The high diversity observed in ITS2 is in agreement with previous studies indicating different ecological, morphological, and molecular variation among Iranian P. sergenti populations. Previous studies revealed at least three morphotypes (A, B and C). However, in this study like previous study, we have not found any correlation between genotypes, ecotypes, or morphotypes and the results obtained here do not support the presence of sibling species (P. sergenti and P. similis) within the taxon. However, results of this study are in conflict with a phylogenetic analysis of nuclear ribosomal DNA of Depaquit et al. (2002) that showed the monophyly both of P. sergenti s.l. and P. similis and they were not sister species. Their result confirmed a study previously carried out, using morphological and morphometric approaches for examining the status of the two species by the same investigators (Depaquit et al. 1998). Their worldwide attempt showed allopatric situation of the two taxa at that time.

According to our findings, it seems that this group (morphotypes) cannot be considered as two different species because firstly we have found many intermediate morphological and genetically forms among the specimens, which indicate possible gene flow and lack of reproductive isolation between them. Secondly, finding identical genotypes (100%) among different morphotypes that are P. sergenti and that P. similis in mtDNA (Moin-Vaziri et al. 2007) and ITS2 sequences support our morphological findings. Considering the molecular drive characteristic of ITS2-rDNA strongly indicated that these two morphotypes are not isolated reproductively. Moreover having found these two taxa sympatric in most provinces of Iran differs from taxonomic conception of subspecies. According to our data, we encountered with different morphologically populations of P. sergenti s.l. in Iran. In light of our results, it is too early to come to a final decision on taxonomic status of the species. More molecular, morphological, and hybridization studies between the two taxa, particularly between geographically distinct populations is necessary.

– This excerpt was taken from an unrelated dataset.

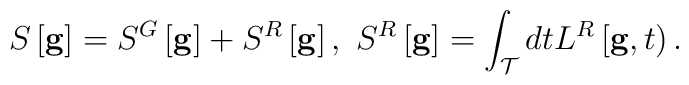
{}S \left[ {\bf g} \right] = S^G \left[ {\bf g}    \right] +S^R \left[ {\bf g} \right]    ,\ S^R \left[ {\bf g} \right] = \int_{\cal T} dt    L^R \left[ {\bf g}, t \right).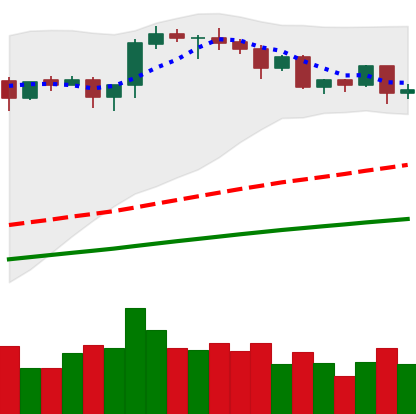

In Iran, CLT is endemic in 14 foci located in 8 provinces restricted to large and medium sized cities in different parts of the country (Yaghoobi-Ershadi 2012).We identified three ITS2 lineages of P. sergenti which is in agreement to the ones identified using the mtDNA loci (Moin-Vaziri et al. 2007). Lineage NE and NCS correspond to the main foci of CLT in the country which included both typical and intermediate morphotypes of P. cf sergenti and P. cf similis. In other hand SW lineage exist in clean area of CLT. These findings warrant studies to examine if CLT is due to differences in the vectorial capacity of the P. sergenti s.l. lineages (NE/NCS versus SW) or other ecological and epidemiological factors are involved.

Conclusion

Phylogenetic sequence analysis revealed that most Iranian haplotypes were associated with the northeastern Mediterranean populations. Similar to the sequences of mtDNA COI gene, ITS2 sequences could not resolve P. sergenti from P. similis and did not support the possible existence of sibling species or subspecies within P. sergenti s.l.. More molecular studies on other genes or hybridization should be done to clarify the status of different morphotypes of mentioned species in Iran. Moreover, with regard to the importance of the epidemiology of leishmaniasis, further studies need to be performed on the possible role of these three morphotypes in the transmission of L. tropica.